General info

Russian Population

Population

Population

Russia ranks seventh in the largest countries in terms of population. According to an official estimate of Federal State Statistic service for 1 January 2015, permanently 146.3 million citizens reside in Russia.

It is not surprising that most of the population (78%) are the Russians. According to the census 2010 ten largest ethnicities are follows: the Tatars (3.7%), the Ukrainians (1.4%), the Bashkirs (1.1%), the Chuvashs (1%), the Chechens (1%), the Armenians (0.8%), the Avars (0.6%), the Mordvins (0.5%), the Kazakhs (0.4%), the Azerbaijanis (4%). The Tatars, the most numerous nation after the Russians, live mostly in Tatarstan and Bashkortostan. They represent the largest group in Russia professing Islam.

Russia is an ethnically diverse country. There are more than 180 different ethnic groups in Russia. The small nationalities inhabit certain areas of the country and generally speak their own languages.

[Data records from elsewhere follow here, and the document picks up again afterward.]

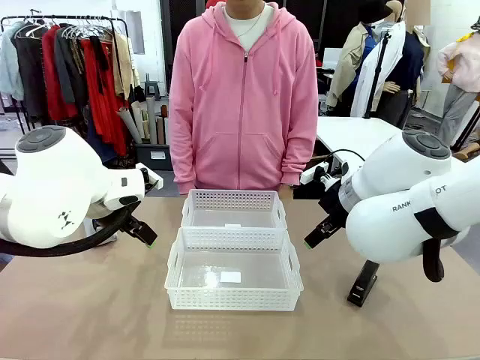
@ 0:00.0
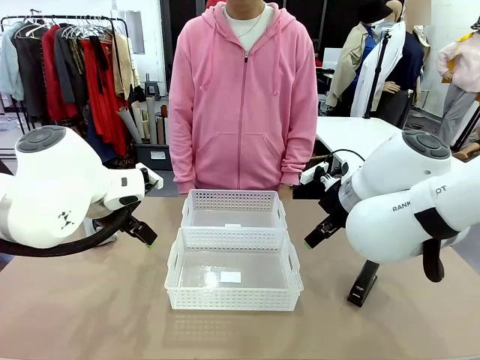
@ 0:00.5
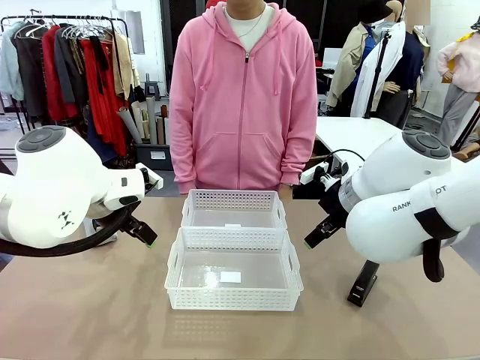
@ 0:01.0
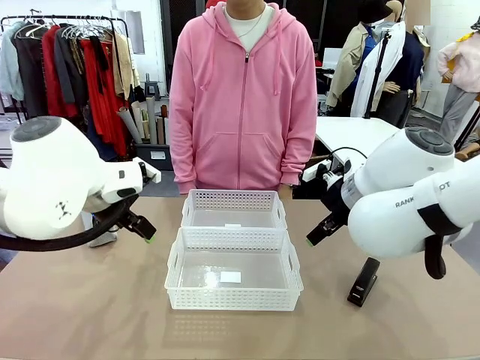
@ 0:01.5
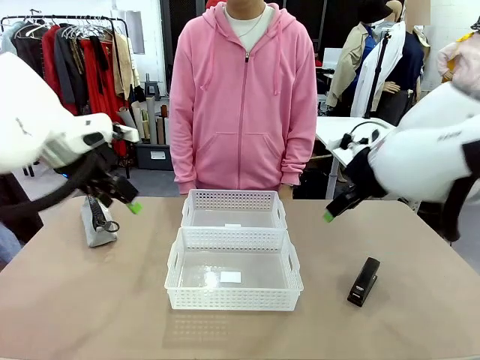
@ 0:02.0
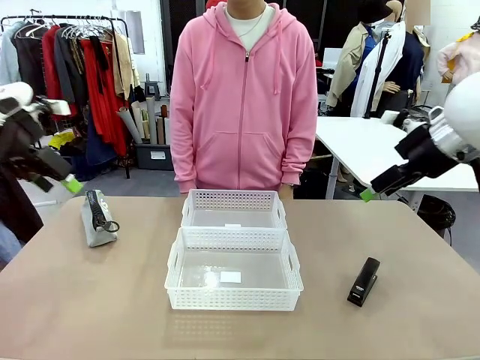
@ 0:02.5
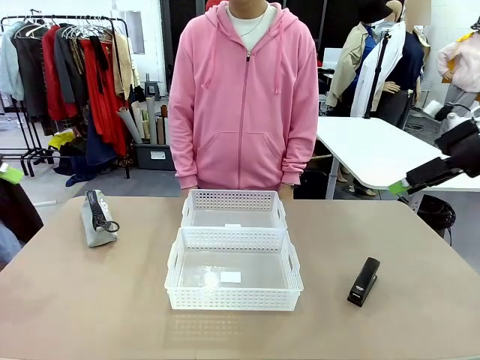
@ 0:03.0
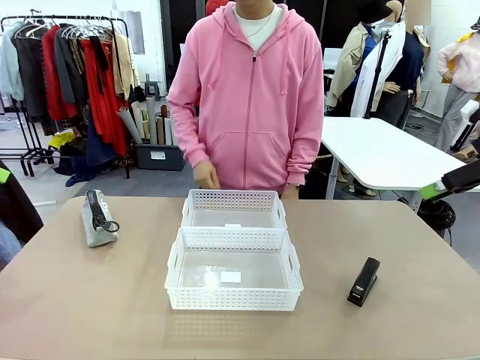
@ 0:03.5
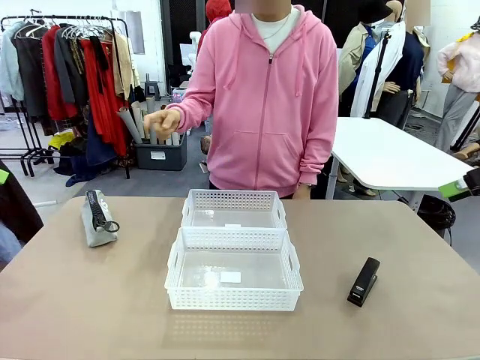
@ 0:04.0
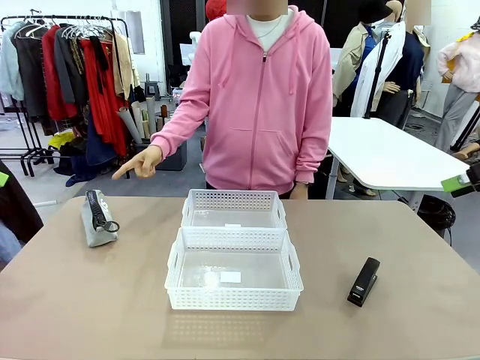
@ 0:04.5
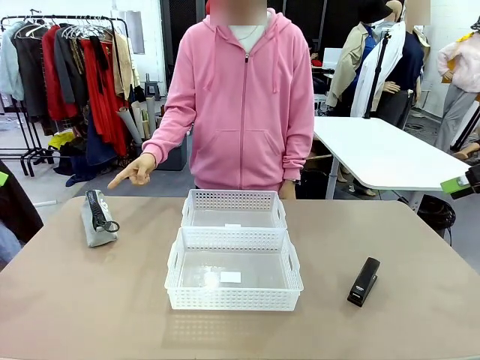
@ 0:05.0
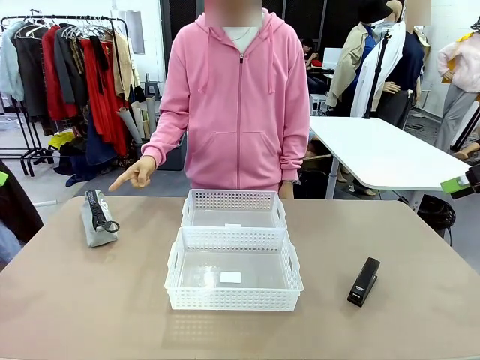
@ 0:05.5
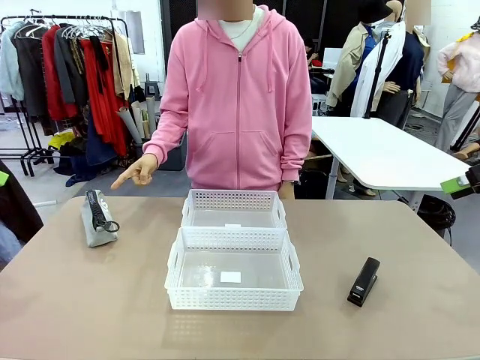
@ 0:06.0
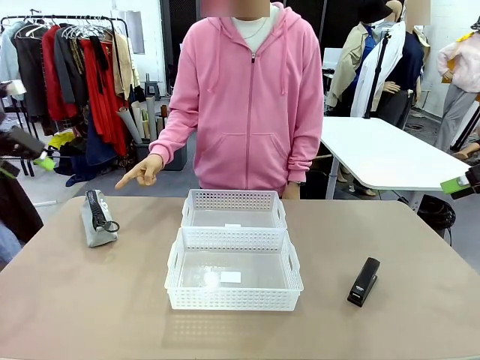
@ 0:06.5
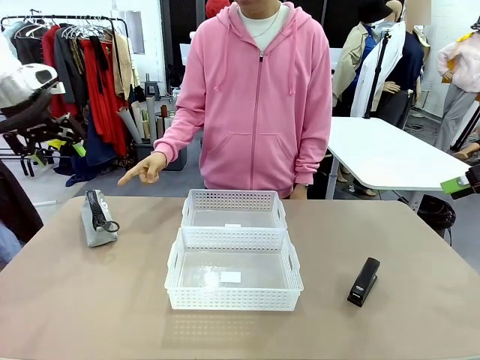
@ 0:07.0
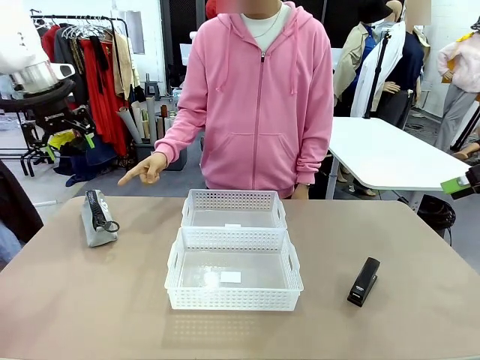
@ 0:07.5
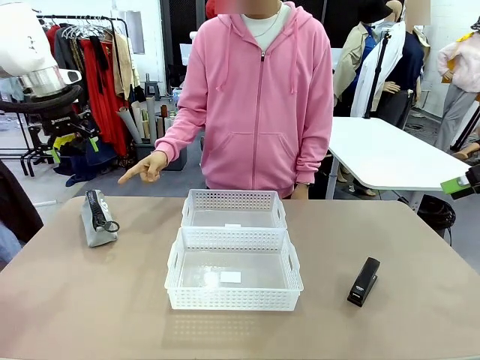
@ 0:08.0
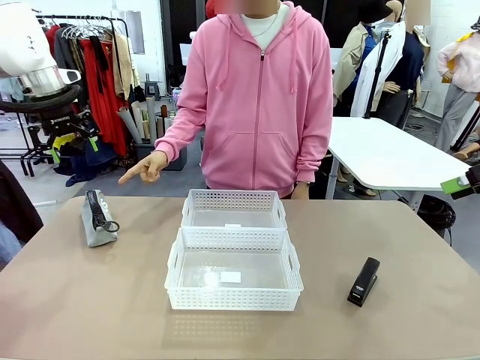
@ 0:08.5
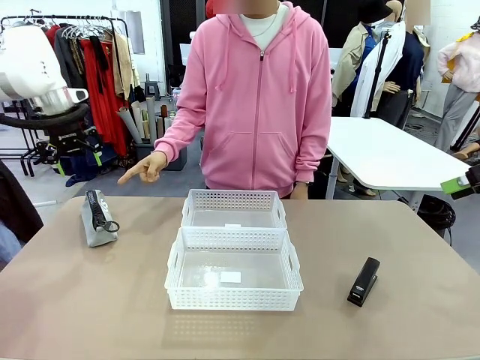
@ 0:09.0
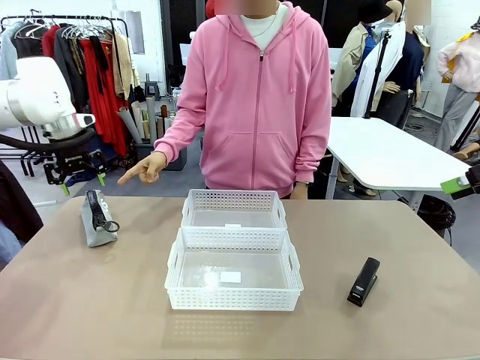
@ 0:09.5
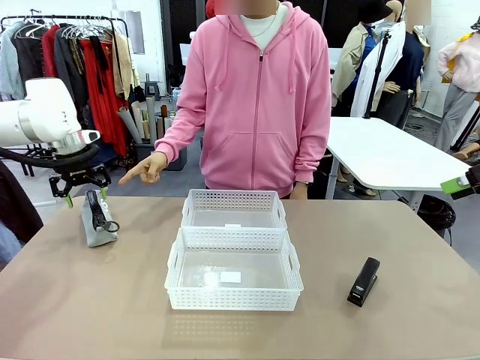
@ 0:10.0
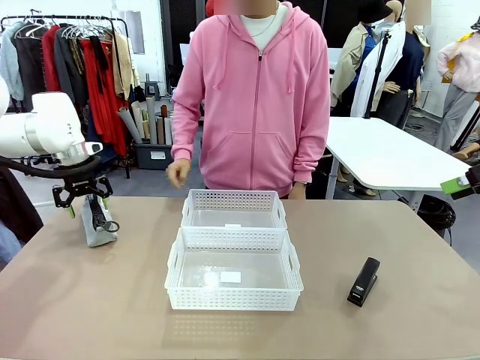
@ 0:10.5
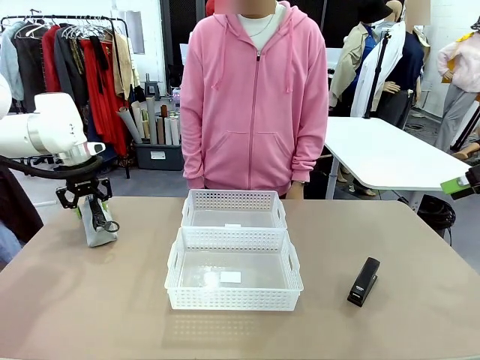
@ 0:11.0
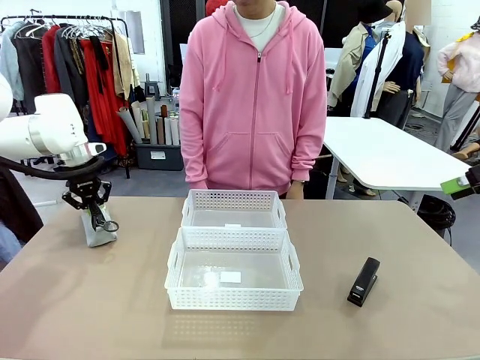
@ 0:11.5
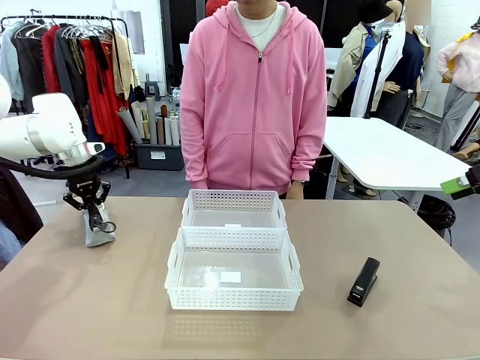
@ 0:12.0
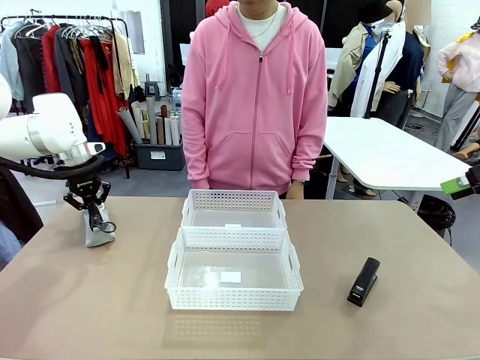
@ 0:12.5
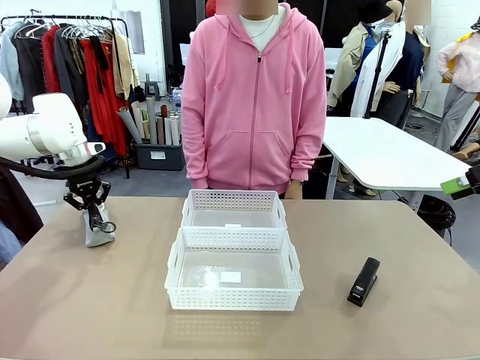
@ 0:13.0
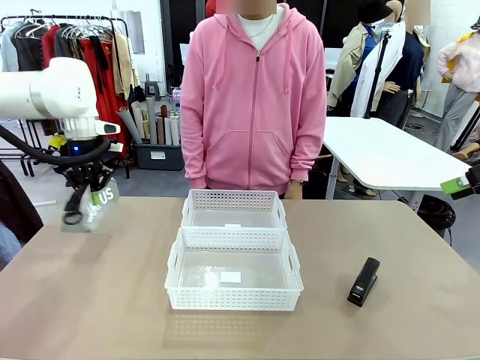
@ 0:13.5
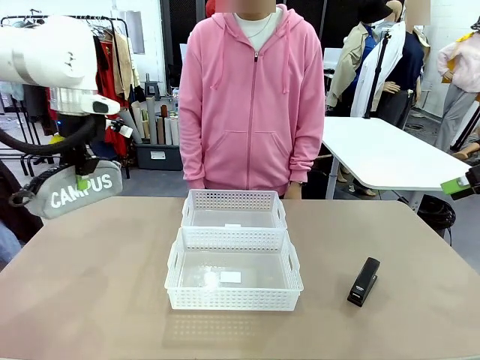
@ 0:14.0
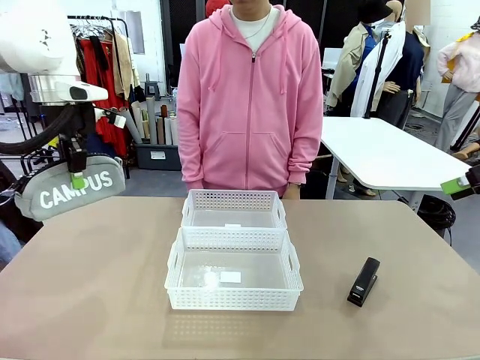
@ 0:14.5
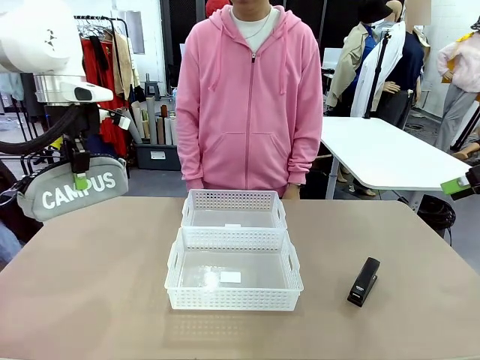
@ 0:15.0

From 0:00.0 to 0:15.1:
Task: Distribute items into two baskets.
Robot: Pick up the Pencil pouch that the person points to.
Person: Points to the pencil case. Points between the two organizing baskets and instructs the robot to move the pencil case.

Ethnographers unite indigenous peoples of Russia in several regional groups that are close not only geographically, but also culturally and historically:

Peoples of the Volga and the Urals – the Bashkirs, the Kalmyks, the Komi, the Mari, the Mordvins, the Tatars, the Chuvashs and the Udmurts.

Peoples of the North Caucasus: the Abazas, the Adyghe, the Balkars, the Ingush, the Kabardins, the Karachays, the Ossetians, the Circassians, the Chechens, people of Dagestan (the Avars, the Aghuls, the Dargins, the Kumyks, the Laks, the Lezgians, the Nogais, the Rutuls, the Tabasarans and the Tsakhurs).

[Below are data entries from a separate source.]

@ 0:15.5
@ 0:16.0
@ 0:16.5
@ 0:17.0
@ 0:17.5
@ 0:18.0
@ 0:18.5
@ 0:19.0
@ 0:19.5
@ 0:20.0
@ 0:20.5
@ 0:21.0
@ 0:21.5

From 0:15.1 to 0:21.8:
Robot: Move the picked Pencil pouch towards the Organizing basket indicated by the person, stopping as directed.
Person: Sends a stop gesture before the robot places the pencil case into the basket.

Peoples of Siberia – the Altay, the Buryats, the Tuvans, the Khakas, the Shors, the Yakuts and nearly three dozen of small-numbered indigenous peoples of the North (0.6% of the total population).

Each nation speaks its own language. In total there are 27 languages considered official in different regions of Russia, along with Russian and 180 more other languages that don’t have official recognition. Some of them are close to extinction.

Most believers in Russia profess Ortchodox Christianity (41%). Interestingly, the majority of people indicated themselves as Orthodox believers don’t attend church regularly.

Islam is the second largest religion in Russia (6.5%). It is the prevailing religion amongst some Caucasian ethnicities (the Chechens, the Ingush and the Adyghe), and amongst some Turkic peoples (the Tatars and the Bashkirs).

Other common religions of Russia are Buddhism (0.5%), Judaism and Protestantism (0.2%).

Three-quarters of the total russian population live in cities, and, what is more, over 10% live in the two major cities, Moscow (8%) and St.Petersburg (3,5%). 13 other big cities have a population of more than a million people.

Russia is considered one of the most multinational state in the world. Despite this fact the Russian population density is low (8,4 people per sq km/22 per sq mi) partly due to the country’s vast size and its harsh climate. Most of the population is concentrated in European Russia, near the Ural Mountains and in southwest Siberia.